This is from the IRS: COVID-19 GUIDANCE UNDER § 125 CAFETERIA PLANS AND RELATED TO HIGH DEDUCTIBLE HEALTH PLANS Notice 2020-29

I put the key parts in bold.

To assist with the nation’s response to the 2019 Novel Coronavirus outbreak (COVID-19), this notice provides for increased flexibility with respect to mid-year elections under a § 125 cafeteria plan during calendar year 2020 related to employer-sponsored health coverage, health Flexible Spending Arrangements (health FSAs), and dependent care assistance programs.
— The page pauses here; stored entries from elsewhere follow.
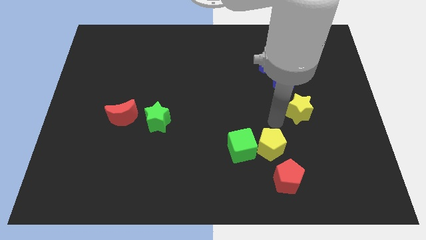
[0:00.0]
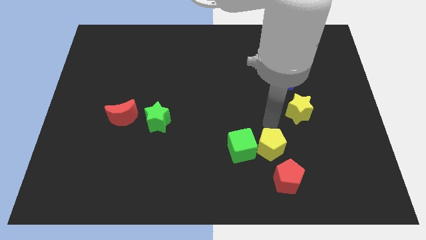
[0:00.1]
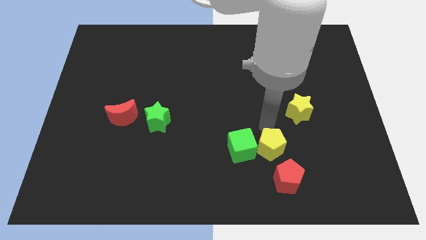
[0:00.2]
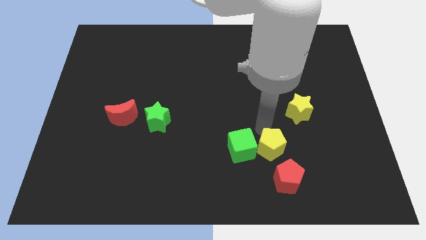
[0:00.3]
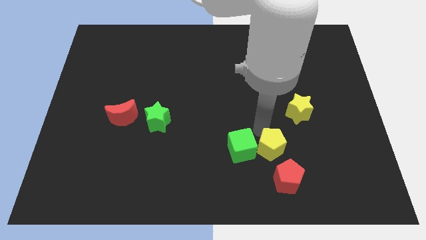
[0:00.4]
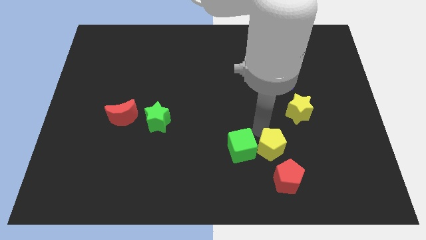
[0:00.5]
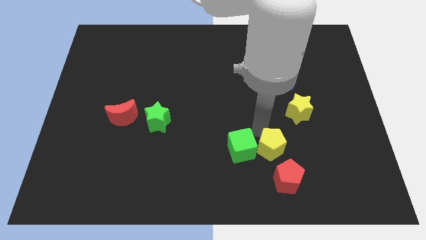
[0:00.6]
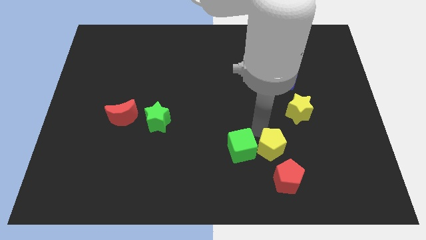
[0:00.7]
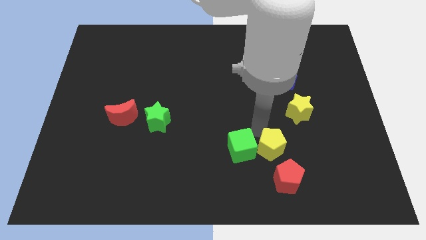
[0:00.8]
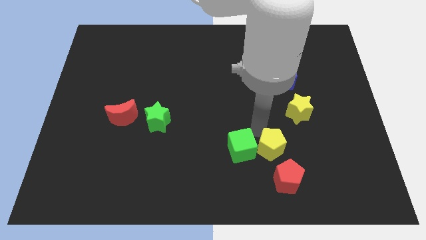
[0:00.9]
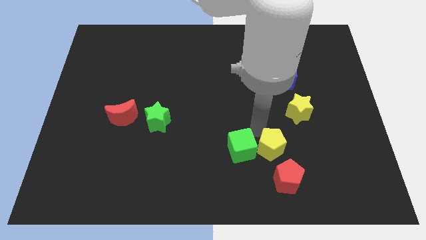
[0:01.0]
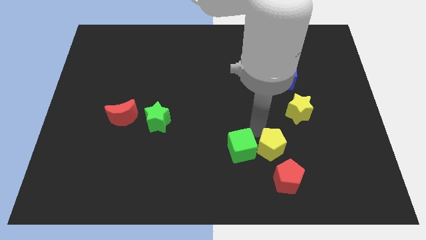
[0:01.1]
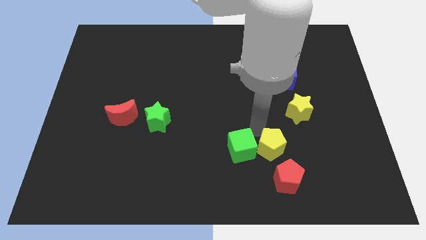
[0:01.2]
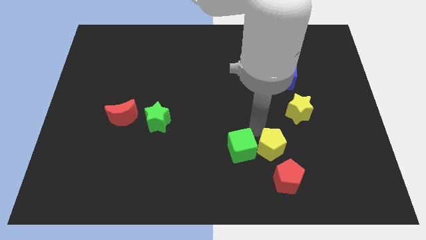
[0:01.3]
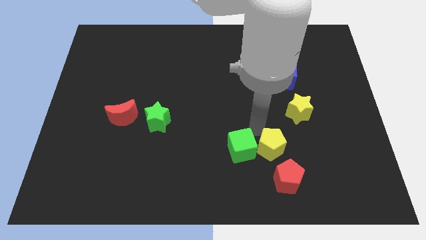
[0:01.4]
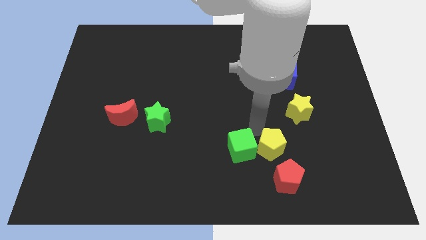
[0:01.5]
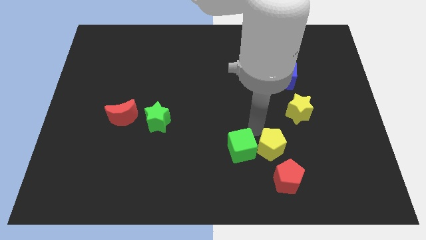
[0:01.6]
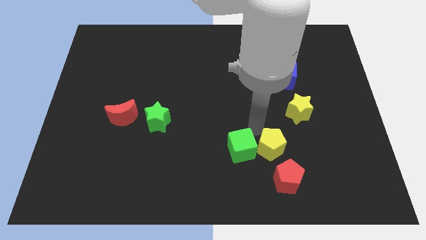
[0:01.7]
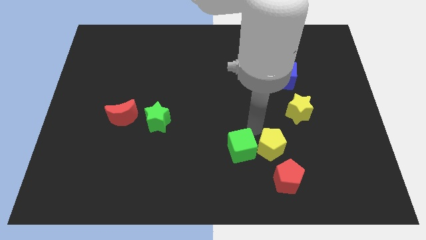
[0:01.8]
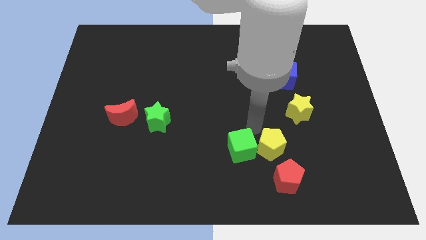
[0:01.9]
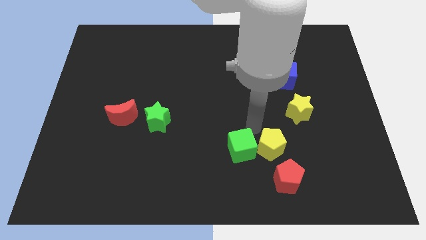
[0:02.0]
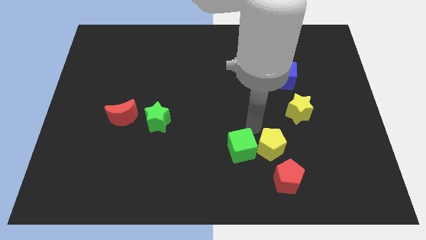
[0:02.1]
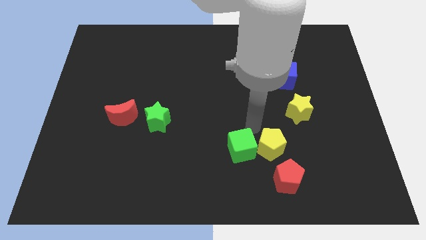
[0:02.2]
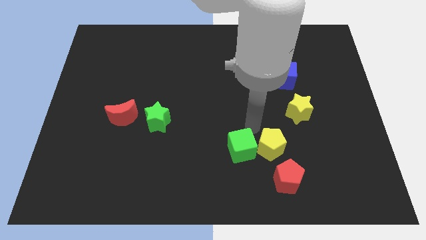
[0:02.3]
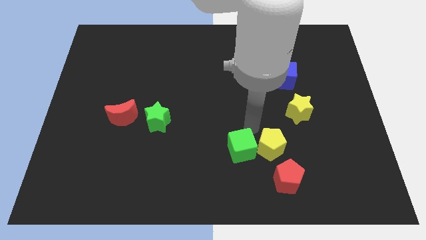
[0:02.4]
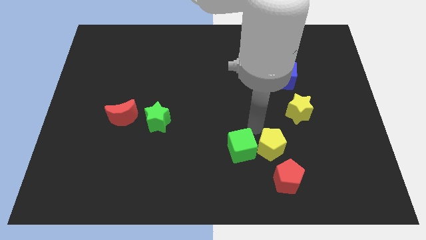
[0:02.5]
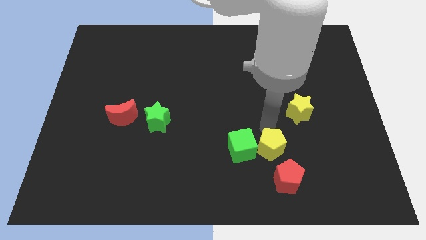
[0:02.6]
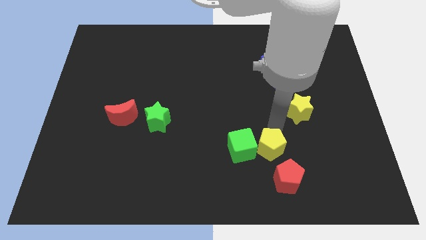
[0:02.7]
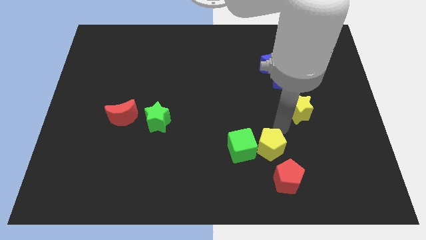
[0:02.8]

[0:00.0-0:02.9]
put your hand between the yellow pentagon and yellow star

This notice provides temporary flexibility for § 125 cafeteria plans to permit employees to make certain prospective mid-year election changes for employer-sponsored health coverage, health FSAs, and dependent care assistance programs during calendar year 2020 that the plan chooses to permit. Specifically, an employer, in its discretion, may amend one or more of its § 125 cafeteria plans (including limiting the period during which election changes may be made) to allow each employee who is eligible to make salary reduction contributions under the plan to make prospective election changes (including an initial election) during calendar year 2020 regarding employer-sponsored health coverage, a health FSA, or a dependent care assistance program, regardless of whether the basis for the election change satisfies the criteria set forth in Treas. Reg. § 1.125-4. In particular, an employer may amend one or more of its § 125 cafeteria plans to allow employees to: (1) make a new election for employer-sponsored health coverage on a prospective basis, if the employee initially declined to elect employer-sponsored health coverage; (2) revoke an existing election for employer-sponsored health coverage and make a new election to enroll in different health coverage sponsored by the same employer on a prospective basis (including changing enrollment from self-only coverage to family coverage); (3) revoke an existing election for employer-sponsored health coverage on a prospective basis, provided that the employee attests in writing that the employee is enrolled, or immediately will enroll, in other health coverage not sponsored by the employer; (4) revoke an election, make a new election, or decrease or increase an existing election regarding a health FSA on a prospective basis; and (5) revoke an election, make a new election, or decrease or increase an existing election regarding a dependent care assistance program on a prospective basis.

My reading is that this is optional, but the IRS will allow it this year. Talk to HR, show them the information from the IRS. Talk to the company that is administrating the plan. I have found similar information on several administrator web sites.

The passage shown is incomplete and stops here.